Shopa Docket
- Website type: Privately held company
- Founded: 1986
- Dissolved: 14 September 2023
- Country of origin: Australia
- Founder: Simon McCord
- General manager: Preeti Kennedy
- Key people: Simon McCord (CEO & MD) Jodi McCord (Director)
- Industry: Coupon, Advertising
- Divisions: SM Shop A Docket India Private Limited
- Website: www.shopadocket.com.au/

= Shopa Docket =

Australian coupon company

Shopa Docket was an Australian coupon company, founded in 1986, based in Brisbane, Queensland, Australia. It was a provider of coupons that appear on the back of receipts in supermarkets and variety stores and outlets including Woolworths, Target, Kmart, Big W, Chemist Warehouse, Harris Farm and IGA.

Shopa Docket helped companies to advertise, promote and market their brand through their coupons. Shopa Docket was part of the Shopa Group. It provided online offers, deals, vouchers, and coupon codes from several local and national brands. It was the sole provider of printed docket advertising in Australia, reportedly by the Brisbane Times.

In September 2023, Shop A Docket, entered administration.

== History ==
Shopa Docket was established in 1986 by Simon McCord, with a single retailer called Pick N Pay Hypermarket in Brisbane, Queensland offering free cash register rolls in exchange for advertising space on the back of receipts.
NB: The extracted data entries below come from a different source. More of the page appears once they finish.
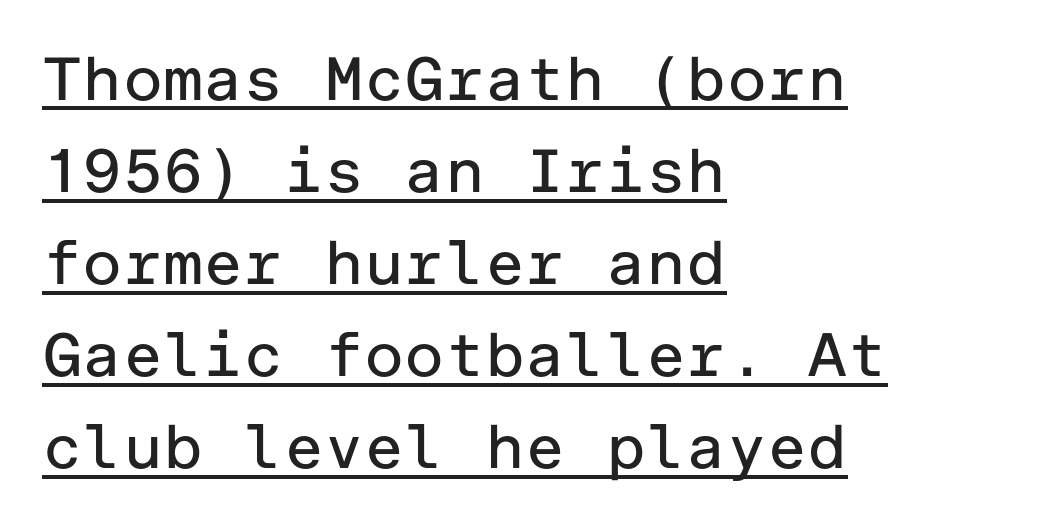
Q: Is the text bold? A: No.
Q: Is the text italic (slanted)? A: No, it is upright.
Q: Is the typeface a serif or a sans-serif typeface? A: Sans-serif.
Q: Is the text underlined? A: Yes.
Q: How is the paragraph aligned? A: Left-aligned.
Q: Is the spacing between letters normal or unusually wide? A: Normal.
Q: Is the spacing between lines tight, normal or loose? A: Normal.
Q: Width (condensed, normal, or wide)? A: Normal.
Q: Stroke contrast? A: Low.
Q: x-height? A: Medium.
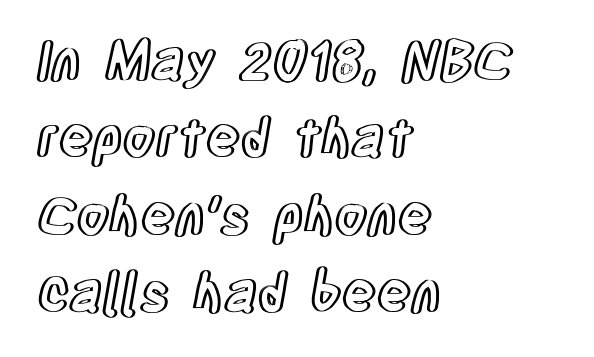
Left-aligned paragraph, ragged on the right. The face used here is proportionally spaced, like ordinary book or web type. Plain, unruled lines of type. Standard letterfit; no display-style spreading of the glyphs.
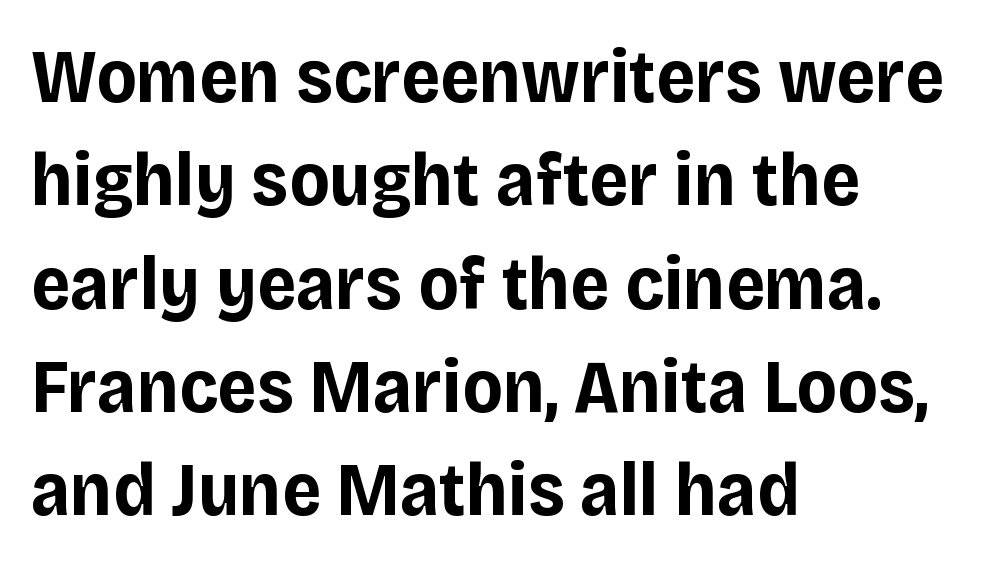
The image shows 76 px bold sans-serif type, upright; set left-aligned, normal line spacing (1.36x), normal letter spacing, not underlined; low stroke contrast and a large x-height.
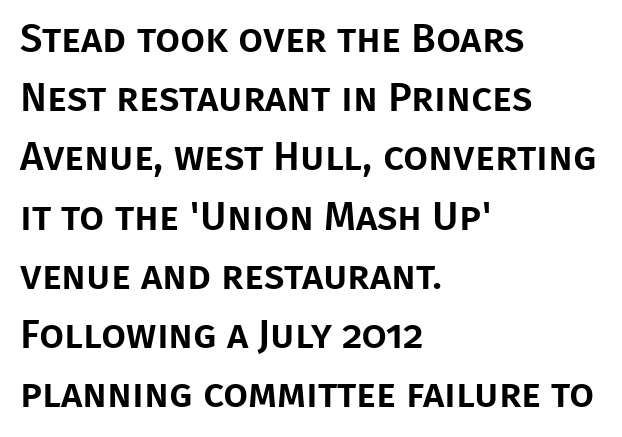
Q: Is the text italic (slanted)? A: No, it is upright.
Q: Is the typeface a serif or a sans-serif typeface? A: Sans-serif.
Q: Is the text underlined? A: No.
Q: How is the paragraph aligned? A: Left-aligned.
Q: Is the spacing between letters normal or unusually wide? A: Normal.
Q: Is the spacing between lines tight, normal or loose? A: Normal.
Q: Width (condensed, normal, or wide)? A: Normal.
Q: Stroke contrast? A: Low.
Q: x-height? A: Large.
Q: Monospaced? A: No.
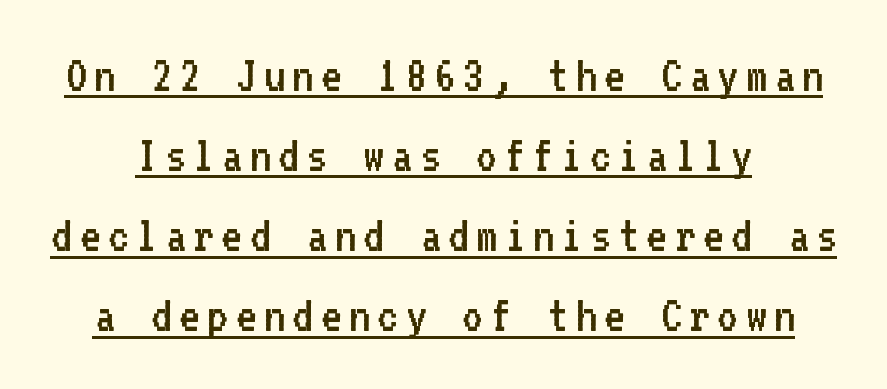
{"serif": "no", "italic": "no", "bold": "no", "weight": "regular", "width": "normal", "stroke_contrast": "low", "x_height": "medium", "monospaced": "yes", "underline": "yes", "align": "center", "line_spacing": "normal", "line_spacing_ratio": 1.57, "glyph_px": 51}
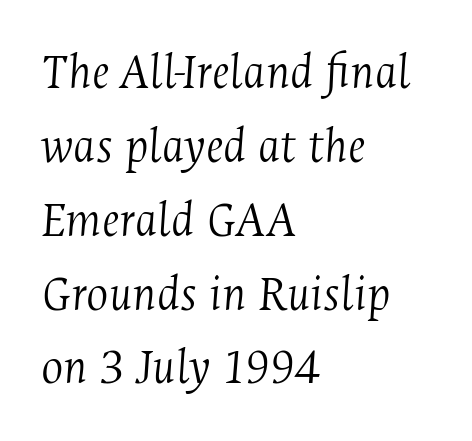
{"serif": "yes", "italic": "yes", "lean": "right", "slant_degrees": 4, "bold": "no", "weight": "light", "width": "condensed", "stroke_contrast": "medium", "x_height": "medium", "monospaced": "no", "underline": "no", "align": "left", "line_spacing": "normal", "line_spacing_ratio": 1.42, "letter_spacing": "normal", "letter_spacing_em": 0.0, "glyph_px": 52}
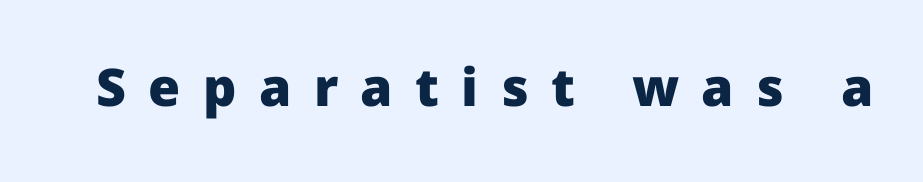
Q: Is the text bold? A: Yes.
Q: Is the text italic (slanted)? A: No, it is upright.
Q: Is the typeface a serif or a sans-serif typeface? A: Sans-serif.
Q: Is the text underlined? A: No.
Q: Is the spacing between letters normal or unusually wide? A: Unusually wide.
Q: Width (condensed, normal, or wide)? A: Normal.
Q: Stroke contrast? A: Low.
Q: x-height? A: Medium.
Q: Monospaced? A: No.
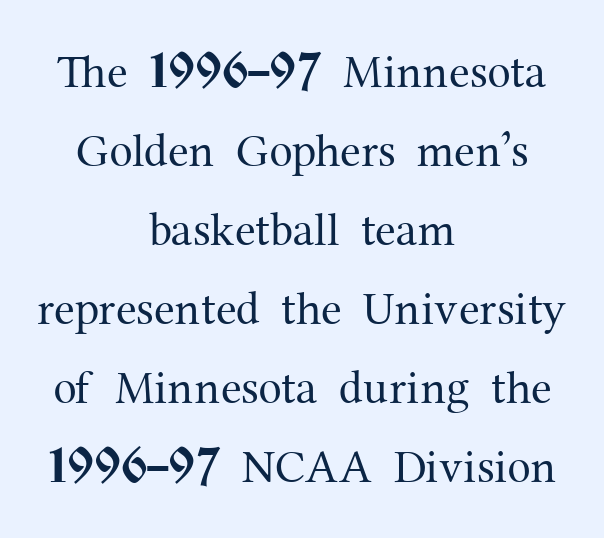
The image shows 47 px regular-weight serif type, upright; set centered, normal line spacing (1.68x), normal letter spacing, not underlined; medium stroke contrast and a medium x-height.
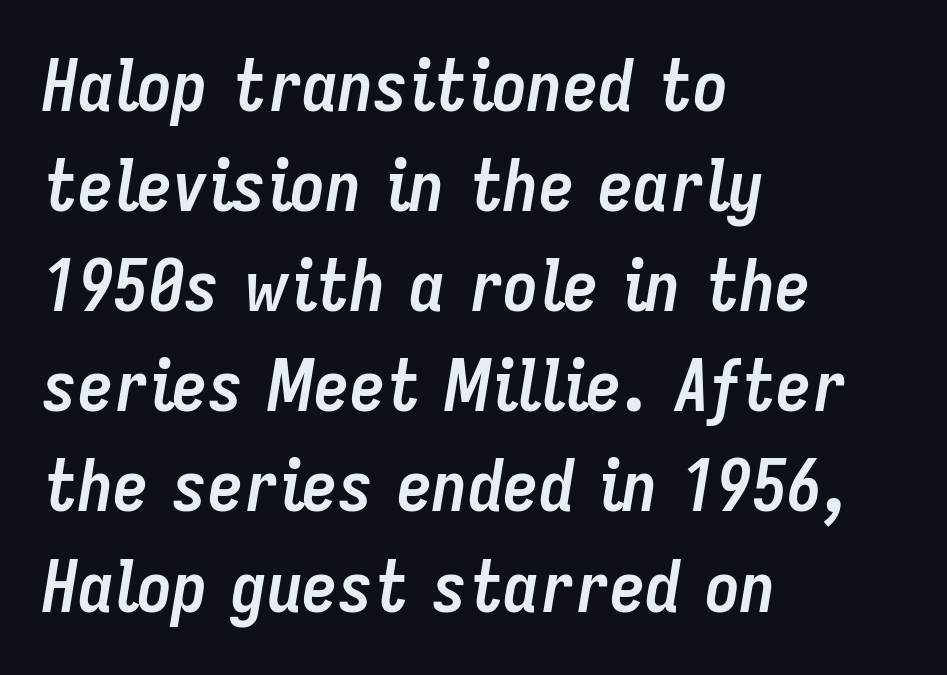
The image shows 71 px semibold, condensed type, italic (leaning right); set left-aligned, normal line spacing (1.41x), normal letter spacing, not underlined; low stroke contrast and a medium x-height.
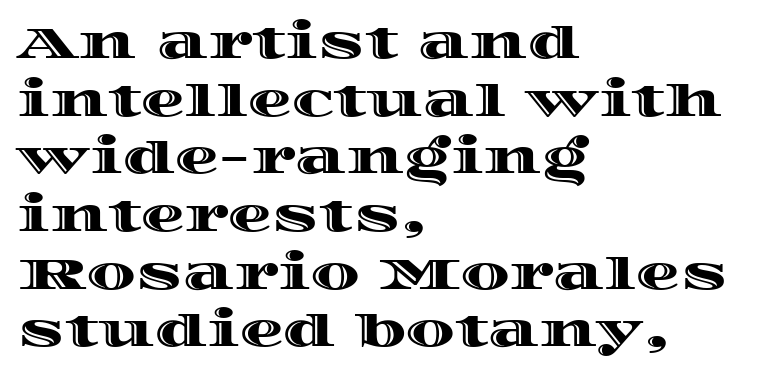
The image shows 44 px wide type, upright; set left-aligned, normal line spacing (1.31x), normal letter spacing, not underlined; a large x-height.
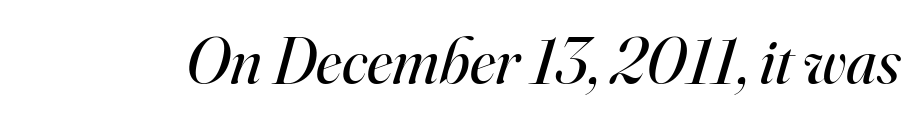
{"serif": "yes", "italic": "yes", "lean": "right", "slant_degrees": 16, "bold": "no", "weight": "regular", "width": "normal", "stroke_contrast": "high", "x_height": "small", "monospaced": "no", "underline": "no", "letter_spacing": "normal", "letter_spacing_em": 0.0, "glyph_px": 66}
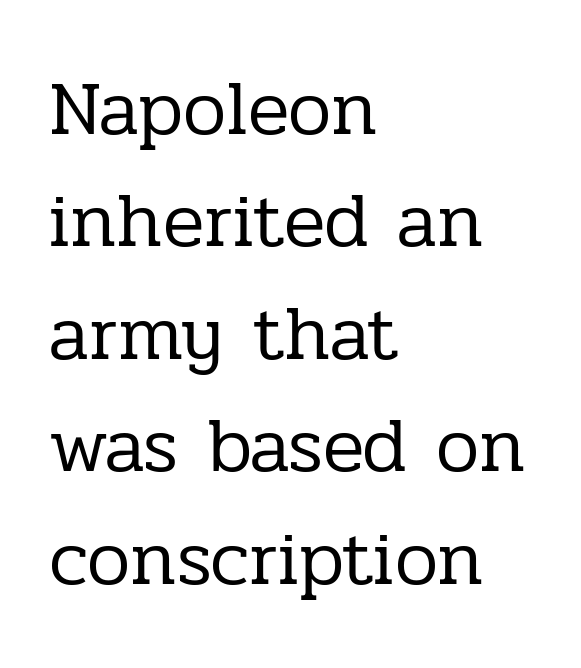
{"serif": "yes", "italic": "no", "bold": "no", "weight": "regular", "width": "normal", "stroke_contrast": "low", "x_height": "medium", "monospaced": "no", "underline": "no", "align": "left", "line_spacing": "normal", "line_spacing_ratio": 1.46, "letter_spacing": "normal", "letter_spacing_em": 0.0, "glyph_px": 77}
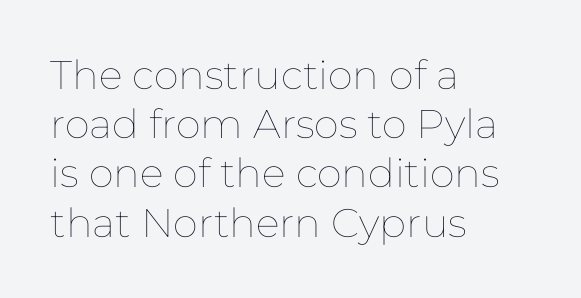
The image shows 40 px thin type, upright; set left-aligned, line spacing 1.23x, normal letter spacing, not underlined; low stroke contrast and a medium x-height.
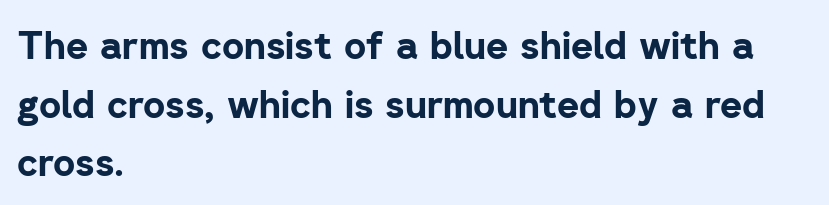
Q: Is the text bold? A: Yes.
Q: Is the text italic (slanted)? A: No, it is upright.
Q: Is the typeface a serif or a sans-serif typeface? A: Sans-serif.
Q: Is the text underlined? A: No.
Q: How is the paragraph aligned? A: Left-aligned.
Q: Is the spacing between letters normal or unusually wide? A: Normal.
Q: Is the spacing between lines tight, normal or loose? A: Normal.
Q: Width (condensed, normal, or wide)? A: Normal.
Q: Stroke contrast? A: Low.
Q: x-height? A: Medium.
Q: Monospaced? A: No.
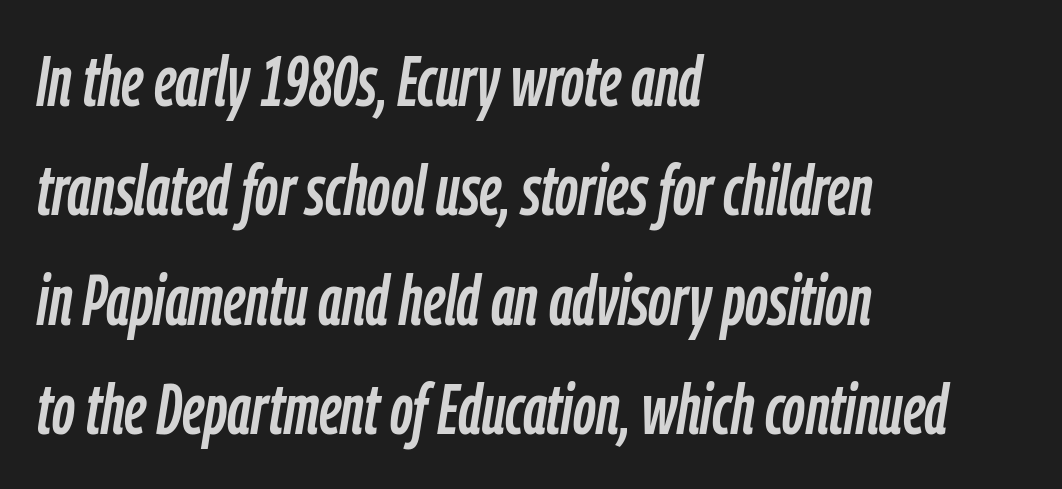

In 1989, Franklins, Bi-Lo and many other independent and regional supermarkets came on board.

In April 1992, The New South Wales Police tied up with Shopa Docket to spread the anti-criminal message as part of the Crimestoppers Program throughout New South Wales, Queensland and Victoria.

In 2001, Shopa Docket rolled out full-colour dockets across Australia for the first time. In 2013, the Metropolitan Fire Brigade (Melbourne) teamed up with Shopa Docket to spread awareness about fire safety among the Vietnamese people.

In 2019 Shopa Docket launched Shopa Save, a prepaid deals and in-store and online cashback rewards program. In 2020, Shopa Digital was launched, offering clients social media, search engine optimisation and pay-per-click advertising services. All three brands became part of the Shopa Group.

At the peak, Shopa Docket had over 720,000 active registered user members and over 100,000 participating businesses. Shopa Docket distributed more than 1 billion ads a year in Australia.

As of September 2023, A.C.N. 145 906 403 Pty Ltd, formerly known as Shop A Docket Pty Limited, entered into liquidation. This occurred amid financial challenges, including a slowdown in consumer spending and increased operational costs.

== Others ==
In February 2003, The company partnered with Clean Up Australia and supported the Clean Up Australia Day initiative by printing and distributing more than 60 million coupons on the back of shopping receipts. Shopa Docket where been supporting Clean Up Australia for more than twenty years.

In 2012, Shopa Docket partnered with Hannah's Chance Foundation to hold the first Shopa Docket NSW Sarcoma Surf Tag Team event, raising over $7,000 for the foundation.

Shopa Docket has sponsored Hawthorn Football Club, Sydney Kings, Parramatta Eels and Manly Warringah Sea Eagles.